**SOURCE DATA:**
##########

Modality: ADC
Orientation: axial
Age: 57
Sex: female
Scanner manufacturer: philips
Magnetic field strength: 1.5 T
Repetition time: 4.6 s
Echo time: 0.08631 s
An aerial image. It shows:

##########

**WORK INSTRUCTIONS:**
Print the records above exactly. Omit nothing.

**PROBLEM SOLUTION:**
Modality: ADC
Orientation: axial
Age: 57
Sex: female
Scanner manufacturer: philips
Magnetic field strength: 1.5 T
Repetition time: 4.6 s
Echo time: 0.08631 s
An aerial image. It shows:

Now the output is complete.